Although the North Korean story is still in progress, spreading fears to the international community and forcing investors to give up high-yield assets and buy less risky ones, the focus during the European trading hours turned back to the economic calendar. Trade and non-manufacturing PMI data were out of the US, while Canada released trade figures prior the BOC’s surprising decision to raise rates. The loonie climbed to a fresh 2-year high versus the greenback, while oil peaked at new tops ahead of the API report expected later today.
During the European session, the dollar continued weakening as rumors were spreading that North Korea was planning to fire an intercontinental ballistic missile probably on September 9 when the regime will celebrate its founding day. Moreover, a top North Korean diplomat warned late on Tuesday that his country will deliver more "gift packages" to the US if it continues threatening the country.
In terms of US data, the Bureau of Economic analysis released trade figures for the month of July. The trade deficit rose moderately by $0.20bn to $43.70bn, coming in better than expectations of $44.60bn.
In other data out of the US, the Institute of Supply Management published the August PMI readings for the non-manufacturing industry. The index increased by 1.4 points to 55.3 but stood below the forecasted 55.4. In contrast, the Markit equivalent dropped by 0.9 points to 56.0 in August, missing expectations of 56.8, while the composite version which summarizes the trends of the manufacturing and non-manufacturing activities decreased by 0.7 points to 55.3. This followed the release of the Markit manufacturing PMI index which ticked up by 0.3 points to 52.8 on Friday.
Dollar/yen partially reversed yesterday’s losses, climbing by 0.21% to a session high of 109.04. Dollar/swissie was up by 0.16% to $0.9564, while the safe-haven gold slipped by 0.06% to $1,337.70 an ounce.
The euro was building an upleg against the greenback, edging up to $1.1937. Note that ECB policymakers are meeting tomorrow, with markets anticipating the central bank to stick to its current monetary policy strategy, potentially giving new hints on the timing it will start reducing its asset holdings.
Sterling extended its gains versus the greenback reaching a one-month high of $1.3053 a day before the parliament brings the government’s EU repeal bill on the table. With uncertainties around Brexit talks remaining on the background, the UK’s Finance minister Philip Hammond warned policymakers on Monday to avoid any delay on legislation after the opposition party was said to be preparing several changes to the bill.

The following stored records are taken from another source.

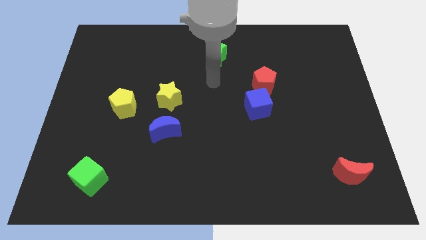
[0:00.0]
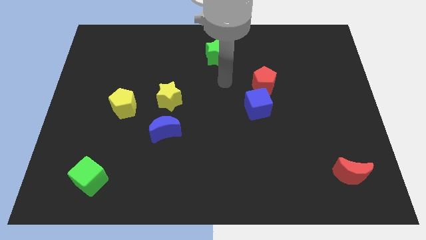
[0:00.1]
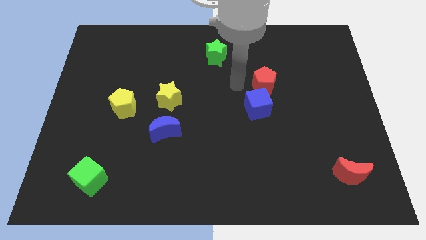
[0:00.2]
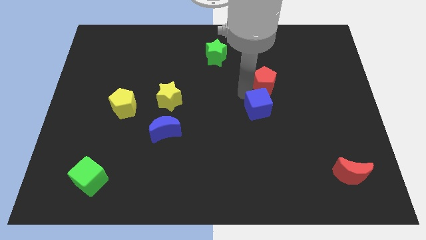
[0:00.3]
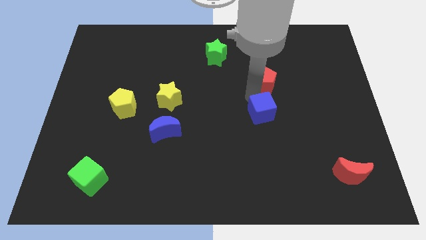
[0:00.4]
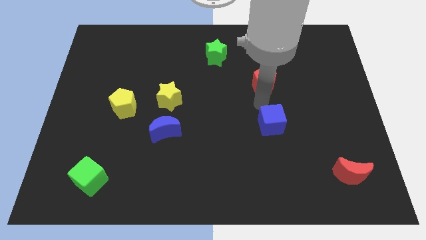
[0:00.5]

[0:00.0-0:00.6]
separate the red pentagon from the blue cube

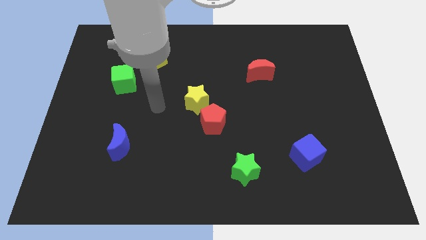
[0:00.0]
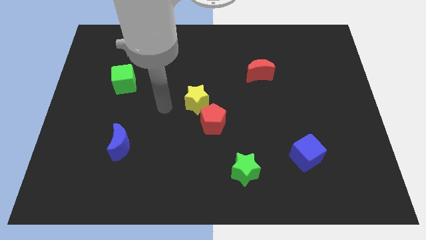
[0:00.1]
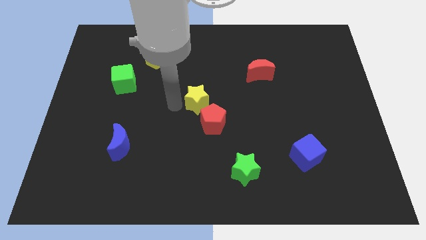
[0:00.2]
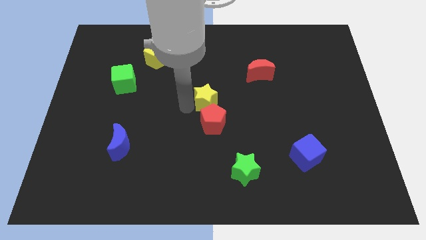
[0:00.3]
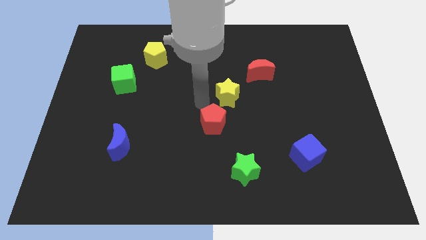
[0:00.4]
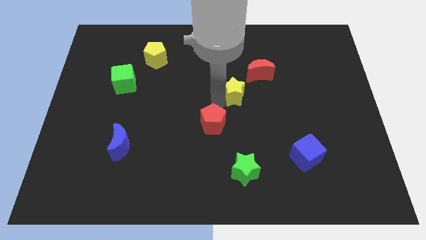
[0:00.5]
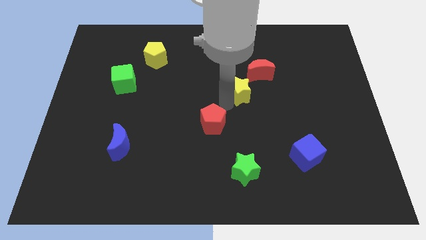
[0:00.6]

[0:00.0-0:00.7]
move the red pentagon away from the yellow star

The aussie stretched its downtrend after disappointing GDP growth data, being 0.31% down on the day at $0.7971, while the kiwi was down by 0.35% at $0.7209.
The Canadian dollar surged by more than 1% today after the Bank of Canada shocked markets by raising interest rates. The Bank of Canada announced it is increasing its overnight rate by a quarter of a percentage points to 1%. The decision was unexpected as a majority of analysts were anticipating the next move to come in October. But following much stronger-than-expected GDP growth in the second quarter, the BoC opted to act at its September meeting. However, regarding the outlook for further rate hikes, the Bank said future decisions would be data dependent and expressed some concerns about geopolitical risks, a stronger loonie and high household debt. Nevertheless, the loonie jumped to a fresh 2-year high after the decision, with dollar/loonie hitting a low of 1.2134 before settling around 1.2235.

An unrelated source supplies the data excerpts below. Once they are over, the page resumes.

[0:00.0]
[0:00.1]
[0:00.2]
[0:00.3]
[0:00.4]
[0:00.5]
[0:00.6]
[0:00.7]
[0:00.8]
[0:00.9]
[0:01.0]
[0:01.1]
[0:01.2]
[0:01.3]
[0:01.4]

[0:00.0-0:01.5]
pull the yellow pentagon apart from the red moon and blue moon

Before the BOC announces its decision to raise rates, trade data failed to provide support to the currency. Canadian exports dropped by C$2.29bn to C$44.14bn in July mainly due to a stronger exchange rate according to Statistics Canada (loonie gained 3.6 US cents in July), whilst imports declined by C$3.02bn to C$47.18. The trade deficit narrowed by C$0.72bn to C$3.04bn, surprising analysts who projected it to shrink by C$0.06bn to C$3.10bn.

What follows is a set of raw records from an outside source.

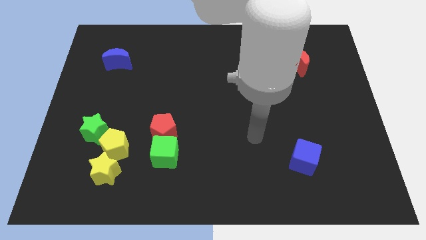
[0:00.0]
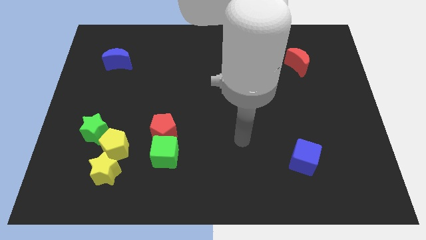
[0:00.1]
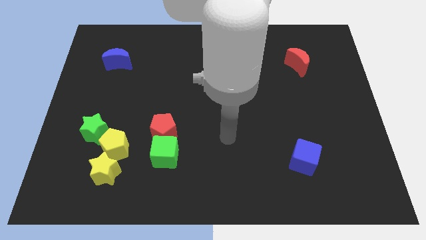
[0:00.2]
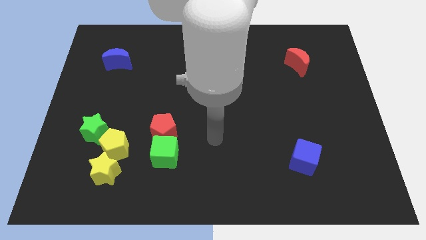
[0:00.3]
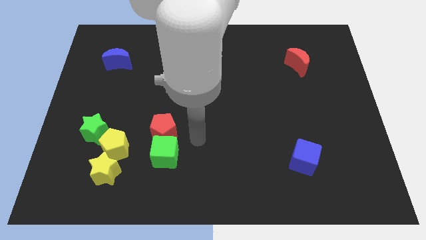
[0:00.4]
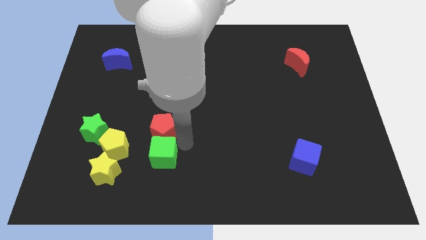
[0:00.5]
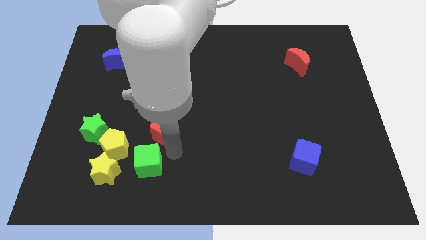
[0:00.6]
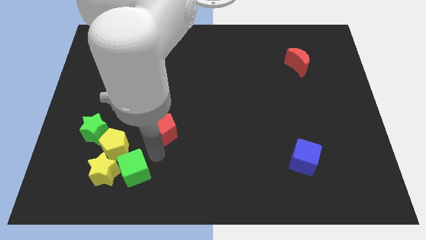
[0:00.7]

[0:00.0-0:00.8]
separate the red pentagon from the green cube

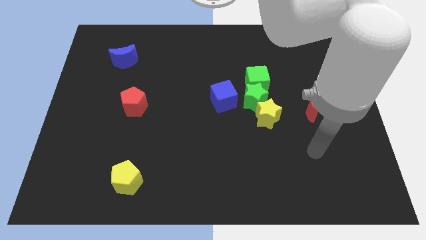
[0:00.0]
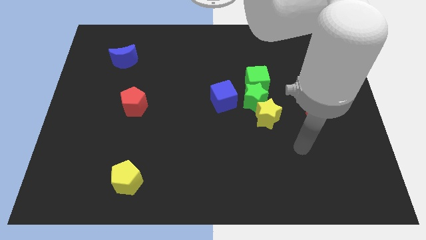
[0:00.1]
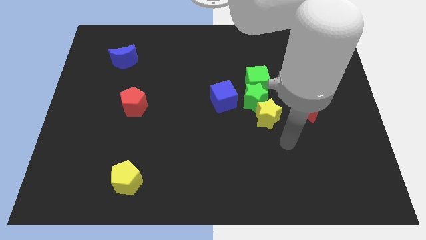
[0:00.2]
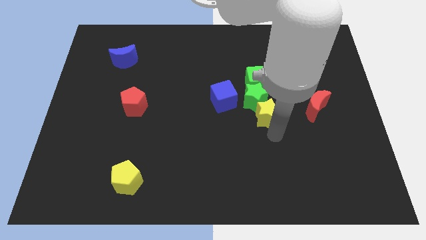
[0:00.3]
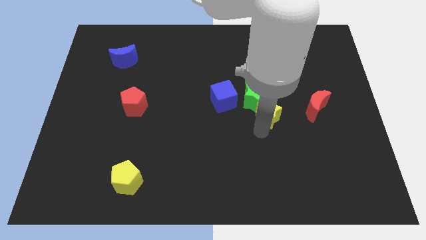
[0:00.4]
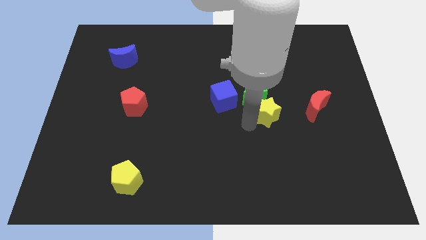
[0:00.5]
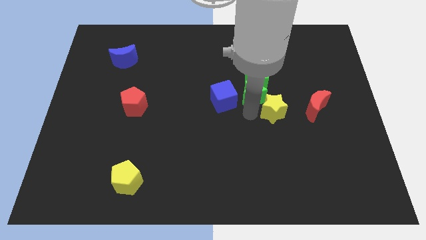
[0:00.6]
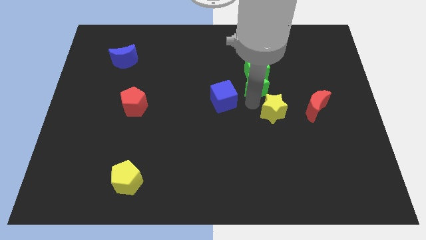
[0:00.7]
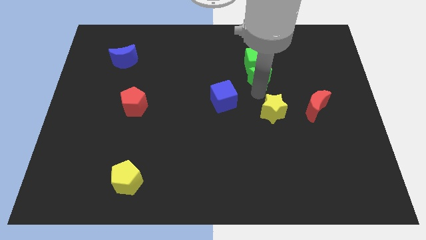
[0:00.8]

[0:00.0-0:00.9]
move the yellow star away from the green star

Looking at oil prices, those were one of the best performers during the European session. WTI crude surged by 1.19% to a near one-month high of $49.21 per barrel, while Brent jumped by 1.35% to a more than three-month high of $54.12. The increase in prices emerged as a significant proportion of the total US refining capacity was still shut after the catastrophic storm Harvey knocked out of business major refineries in Texas last week. Moreover, hurricane Irma which is currently located in the Caribbean and is expected to enter Florida, might cause additional fuel shortage. According to Reuters, 250k barrels of daily refining capacity are located in the Dominican Republic and Cuba. Though, the American Petroleum Institute report published later today and the Energy Information Administration report released tomorrow will give an indication of the damage caused by Harvey. It should be mention that the API report is expected to show that crude oil stock reduced by 5.78mn barrels last week.